Just as he prepares to lead his forces
into a final battle that appears hopeless, Harry discovers he is being helped
by a double Spymaster. Read
more . . .
Severus Snape has been the puppet master,
deep under cover for decades, exercising incredible self-control, pretending to
torment Harry, when in fact he was all along the guardian angel. In a flash, we
now understand how Harry and friends escaped so many impossible situations-
Snape was protecting them.
And now we know: the entire seven part
series belonged as much to Snape as it did to Harry. No other literary character
in history, as far as I can tell, ever maintained a secret double-agent cover
for seven books (thick books, too) spanning more than 19 years under the most
intense scrutiny, fooling the most powerful wizards of all, even those able to
read his mind. Truly, Snape became an extraordinary mixture of good and evil.
Confused? Naturally. None of this could
work without the maximal confusion. That makes Snape by far the most
interesting character of the Hogwarts world.
Sun Tzu and Niccolo Machiavelli, John le
Carré and Shakespeare all would applaud. Who is the double Snape really working
for? Can he tell a hawk from a handsaw? Really good double agents don't even
know. Snape is an anti-hero that must integrate every level of his story double
story, and present himself as monster even to their closest friend to avoid
detection. The divided double-agent consciousness often drives them to believe
themselves mad.
Snape (and by extension the puppet's
puppet master Dumbledore) was directing both sides of the wizarding civil war!
Snape becomes Voldemort's consigliere, and effectively decapitates the
leadership of the renegades.
Snape's secret is as shocking as Darth
Vader revealing he is Luke's father! Snape effectively became a stand in for
Harry's father, to protect Harry for the sake of Harry's mother Lilly, the love
of Snape's life.
A love triangle leading to a torn
conscience and a double spy? That worked in Hamlet, in
To maintain his cover, Snape must not
hesitate to do horrible deeds. Just one example: Dumbledore actually orders
Snape to kill Dumbledore to absolutely remove any doubt of Snape's apparent
evilness.
Incredibly effective, but at a huge cost!

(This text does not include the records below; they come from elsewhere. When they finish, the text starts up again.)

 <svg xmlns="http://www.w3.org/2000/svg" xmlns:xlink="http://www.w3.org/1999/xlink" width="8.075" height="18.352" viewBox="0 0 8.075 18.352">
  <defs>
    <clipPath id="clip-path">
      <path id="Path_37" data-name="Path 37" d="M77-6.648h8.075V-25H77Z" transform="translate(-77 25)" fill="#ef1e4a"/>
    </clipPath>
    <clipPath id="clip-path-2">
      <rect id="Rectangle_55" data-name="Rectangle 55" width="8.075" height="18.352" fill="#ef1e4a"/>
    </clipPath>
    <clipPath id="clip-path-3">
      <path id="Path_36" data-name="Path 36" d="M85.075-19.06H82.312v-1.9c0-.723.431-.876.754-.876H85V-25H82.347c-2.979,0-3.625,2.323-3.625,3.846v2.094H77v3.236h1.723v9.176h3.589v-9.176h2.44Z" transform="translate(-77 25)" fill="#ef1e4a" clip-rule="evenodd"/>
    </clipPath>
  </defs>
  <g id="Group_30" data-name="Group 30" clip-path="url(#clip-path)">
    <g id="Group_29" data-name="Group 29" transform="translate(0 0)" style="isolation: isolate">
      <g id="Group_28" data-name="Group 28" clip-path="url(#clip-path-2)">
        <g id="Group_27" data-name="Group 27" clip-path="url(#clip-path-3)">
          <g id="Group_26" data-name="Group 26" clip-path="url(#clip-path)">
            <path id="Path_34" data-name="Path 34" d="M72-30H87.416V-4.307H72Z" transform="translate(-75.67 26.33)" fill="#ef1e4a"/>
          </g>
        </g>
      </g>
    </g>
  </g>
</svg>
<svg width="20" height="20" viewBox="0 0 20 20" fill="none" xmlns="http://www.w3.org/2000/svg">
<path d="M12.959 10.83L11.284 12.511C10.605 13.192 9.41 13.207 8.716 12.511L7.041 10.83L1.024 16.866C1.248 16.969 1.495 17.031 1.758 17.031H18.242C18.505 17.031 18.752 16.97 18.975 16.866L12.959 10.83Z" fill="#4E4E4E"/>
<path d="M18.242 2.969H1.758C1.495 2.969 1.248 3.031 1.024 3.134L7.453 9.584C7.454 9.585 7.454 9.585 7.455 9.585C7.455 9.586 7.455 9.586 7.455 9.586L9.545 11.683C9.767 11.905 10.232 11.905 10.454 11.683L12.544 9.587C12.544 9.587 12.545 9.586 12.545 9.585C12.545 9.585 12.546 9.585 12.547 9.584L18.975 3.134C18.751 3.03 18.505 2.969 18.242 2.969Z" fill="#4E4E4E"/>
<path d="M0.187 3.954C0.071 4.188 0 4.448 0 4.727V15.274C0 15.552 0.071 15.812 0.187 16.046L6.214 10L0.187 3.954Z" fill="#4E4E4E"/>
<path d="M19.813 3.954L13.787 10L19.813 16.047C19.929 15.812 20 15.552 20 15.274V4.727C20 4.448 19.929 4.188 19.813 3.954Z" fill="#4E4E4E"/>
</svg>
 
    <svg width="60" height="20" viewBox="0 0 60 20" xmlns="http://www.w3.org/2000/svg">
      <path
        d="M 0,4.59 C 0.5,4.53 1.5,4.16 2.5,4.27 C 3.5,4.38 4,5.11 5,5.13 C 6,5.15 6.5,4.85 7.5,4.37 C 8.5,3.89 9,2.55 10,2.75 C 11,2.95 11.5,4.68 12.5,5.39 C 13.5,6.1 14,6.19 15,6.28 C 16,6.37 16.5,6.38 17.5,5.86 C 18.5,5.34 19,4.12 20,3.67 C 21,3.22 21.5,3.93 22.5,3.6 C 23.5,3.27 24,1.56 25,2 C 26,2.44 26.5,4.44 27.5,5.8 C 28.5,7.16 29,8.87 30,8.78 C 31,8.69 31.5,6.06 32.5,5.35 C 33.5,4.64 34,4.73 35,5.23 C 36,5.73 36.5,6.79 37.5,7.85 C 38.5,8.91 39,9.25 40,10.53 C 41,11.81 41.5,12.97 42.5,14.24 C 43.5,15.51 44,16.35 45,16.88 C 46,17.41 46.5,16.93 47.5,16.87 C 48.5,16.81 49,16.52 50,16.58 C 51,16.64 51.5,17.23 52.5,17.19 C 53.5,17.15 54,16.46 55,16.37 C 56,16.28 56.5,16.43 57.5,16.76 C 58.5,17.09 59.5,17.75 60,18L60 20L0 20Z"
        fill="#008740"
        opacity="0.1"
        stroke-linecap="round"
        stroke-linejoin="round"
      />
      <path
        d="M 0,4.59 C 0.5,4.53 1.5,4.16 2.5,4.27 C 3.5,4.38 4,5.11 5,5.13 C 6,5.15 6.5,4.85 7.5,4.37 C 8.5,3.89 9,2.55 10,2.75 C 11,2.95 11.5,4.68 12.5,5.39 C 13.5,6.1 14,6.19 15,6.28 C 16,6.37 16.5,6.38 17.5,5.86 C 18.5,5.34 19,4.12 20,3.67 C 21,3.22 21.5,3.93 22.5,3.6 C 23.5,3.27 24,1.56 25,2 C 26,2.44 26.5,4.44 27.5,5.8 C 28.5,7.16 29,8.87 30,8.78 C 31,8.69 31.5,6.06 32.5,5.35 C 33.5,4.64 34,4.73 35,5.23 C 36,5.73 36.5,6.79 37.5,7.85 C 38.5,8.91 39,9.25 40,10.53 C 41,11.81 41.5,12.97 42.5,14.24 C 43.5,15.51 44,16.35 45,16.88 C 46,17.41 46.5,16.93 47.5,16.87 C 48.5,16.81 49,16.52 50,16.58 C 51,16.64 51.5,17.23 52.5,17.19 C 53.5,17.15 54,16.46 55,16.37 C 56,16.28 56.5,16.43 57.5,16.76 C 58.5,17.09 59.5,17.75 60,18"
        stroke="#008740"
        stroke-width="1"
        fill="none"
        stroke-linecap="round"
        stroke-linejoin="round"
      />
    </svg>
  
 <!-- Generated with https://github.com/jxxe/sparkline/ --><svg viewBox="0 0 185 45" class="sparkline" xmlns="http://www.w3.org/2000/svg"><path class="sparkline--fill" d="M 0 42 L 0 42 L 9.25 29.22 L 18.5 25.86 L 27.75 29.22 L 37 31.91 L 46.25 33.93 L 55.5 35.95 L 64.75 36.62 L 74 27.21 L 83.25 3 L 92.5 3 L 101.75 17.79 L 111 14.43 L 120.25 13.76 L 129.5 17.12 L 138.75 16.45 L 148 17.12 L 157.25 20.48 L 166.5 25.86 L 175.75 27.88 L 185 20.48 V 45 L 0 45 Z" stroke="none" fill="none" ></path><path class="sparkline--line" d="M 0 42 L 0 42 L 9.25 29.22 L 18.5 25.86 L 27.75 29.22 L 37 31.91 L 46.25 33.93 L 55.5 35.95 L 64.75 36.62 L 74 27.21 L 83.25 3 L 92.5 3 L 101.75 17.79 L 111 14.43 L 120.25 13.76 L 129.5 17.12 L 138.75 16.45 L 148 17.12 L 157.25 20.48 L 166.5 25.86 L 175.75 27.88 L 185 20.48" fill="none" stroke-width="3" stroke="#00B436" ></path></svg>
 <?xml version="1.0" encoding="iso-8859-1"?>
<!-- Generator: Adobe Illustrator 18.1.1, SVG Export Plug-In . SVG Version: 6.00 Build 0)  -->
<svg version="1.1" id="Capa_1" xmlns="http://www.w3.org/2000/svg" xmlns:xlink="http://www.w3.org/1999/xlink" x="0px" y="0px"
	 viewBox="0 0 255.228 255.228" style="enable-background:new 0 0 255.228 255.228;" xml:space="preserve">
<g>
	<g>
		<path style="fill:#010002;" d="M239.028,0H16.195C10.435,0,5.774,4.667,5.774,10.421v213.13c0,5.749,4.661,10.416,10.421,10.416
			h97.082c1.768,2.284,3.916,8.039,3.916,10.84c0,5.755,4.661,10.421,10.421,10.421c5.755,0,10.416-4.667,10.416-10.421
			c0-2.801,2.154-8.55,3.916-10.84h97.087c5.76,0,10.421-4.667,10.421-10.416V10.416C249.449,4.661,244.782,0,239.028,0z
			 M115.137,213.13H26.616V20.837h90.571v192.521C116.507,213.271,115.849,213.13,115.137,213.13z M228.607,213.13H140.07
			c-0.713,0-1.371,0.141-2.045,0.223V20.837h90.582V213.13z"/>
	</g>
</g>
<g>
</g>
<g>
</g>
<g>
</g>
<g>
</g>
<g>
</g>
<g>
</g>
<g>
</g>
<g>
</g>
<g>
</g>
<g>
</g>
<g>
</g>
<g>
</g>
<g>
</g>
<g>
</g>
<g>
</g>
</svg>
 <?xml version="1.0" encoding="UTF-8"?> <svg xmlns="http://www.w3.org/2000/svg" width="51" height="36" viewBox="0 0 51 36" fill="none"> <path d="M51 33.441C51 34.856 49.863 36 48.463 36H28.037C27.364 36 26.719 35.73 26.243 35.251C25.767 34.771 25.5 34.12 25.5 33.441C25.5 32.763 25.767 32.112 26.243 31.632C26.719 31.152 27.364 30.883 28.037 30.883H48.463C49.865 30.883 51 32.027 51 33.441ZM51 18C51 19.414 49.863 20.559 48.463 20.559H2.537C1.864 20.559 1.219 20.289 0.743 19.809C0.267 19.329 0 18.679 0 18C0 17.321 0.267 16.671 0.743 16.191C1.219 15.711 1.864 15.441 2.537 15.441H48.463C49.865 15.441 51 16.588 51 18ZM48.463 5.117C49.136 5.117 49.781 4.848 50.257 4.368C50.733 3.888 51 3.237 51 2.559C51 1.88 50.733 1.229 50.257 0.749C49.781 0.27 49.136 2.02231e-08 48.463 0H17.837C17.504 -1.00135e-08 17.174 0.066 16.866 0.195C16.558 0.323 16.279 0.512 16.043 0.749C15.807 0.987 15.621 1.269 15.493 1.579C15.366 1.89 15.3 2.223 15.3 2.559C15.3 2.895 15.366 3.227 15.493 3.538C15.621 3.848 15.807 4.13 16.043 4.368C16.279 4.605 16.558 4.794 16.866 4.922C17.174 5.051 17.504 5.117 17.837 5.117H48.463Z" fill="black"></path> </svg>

Dumbledore rationalizes that he is dying anyway. But Harry doesn't know, and
blind rage almost cripples Harry and his friends. Did they deserve to be in the
dark? What did effect did all of this manipulation have on the souls of the
allies? What mark did decades of a double life leave on Snape? His soul surly
in the end was a fragmented as Voldemort's after decades of a double life.
How is it that the so-called good magicians such as
Merlin, Gandalf, Prospero and
Dumbledore are called wise, when they routinely use such Machiavellian tactics?
Raising the question: were the tactics of
the good side of the force and the evil side any different here?
Do the ends justify the means? Magic or spy craft? Both are Faustian bargains.
Clearly, the ethical loose ends left by Snape will be debated for many years.
Snape resigns himself to a life of
duplicity in order to further "the greater good." But Harry grasps
the danger of the ultimate powers, and after winning the battle, abjures
further duplicity, scatters his powerful weapons, the Hallows, and bury the
ultimate weapon- the elder wand. Just as Prospero, after accomplishing his
mission, broke his magic staff, drowned his magic books are ten thousand
fathoms deep. His Brave New World was over.
On a different level, Rowling understands
that she herself has a magic power over her audience, and that she, like Harry,
must break her magic stick, abjure power, and vows to end her series.
Rowling herself has been a kind of double agent, and now she must come in from
the cold.
Just as Shakespeare ultimately decided to
put his artistry aside. I can just imagine Rowling, standing in the Globe,
vowing as Shakespeare did:
'Our revels now are ended'
Our revels now are ended.
These our actors,
As I foretold you, were all spirits and
Are melted into air, into thin air:
And, like the baseless fabric of this vision,
The cloud-capp'd towers, the gorgeous palaces,
The solemn temples, the great globe itself,
Yea, all which it inherit, shall dissolve
And, like this insubstantial pageant faded,
Leave not a rack behind. We are such stuff
As dreams are made on, and our little life
Is rounded with a sleep.
—William Shakespeare
From The Tempest, Act 4 Scene 1
Farewell Harry Potter! We will miss you.
We always knew you would do well!
This book review is found at www.healthcarecom.net/JM_HarryPotterReview2.htm.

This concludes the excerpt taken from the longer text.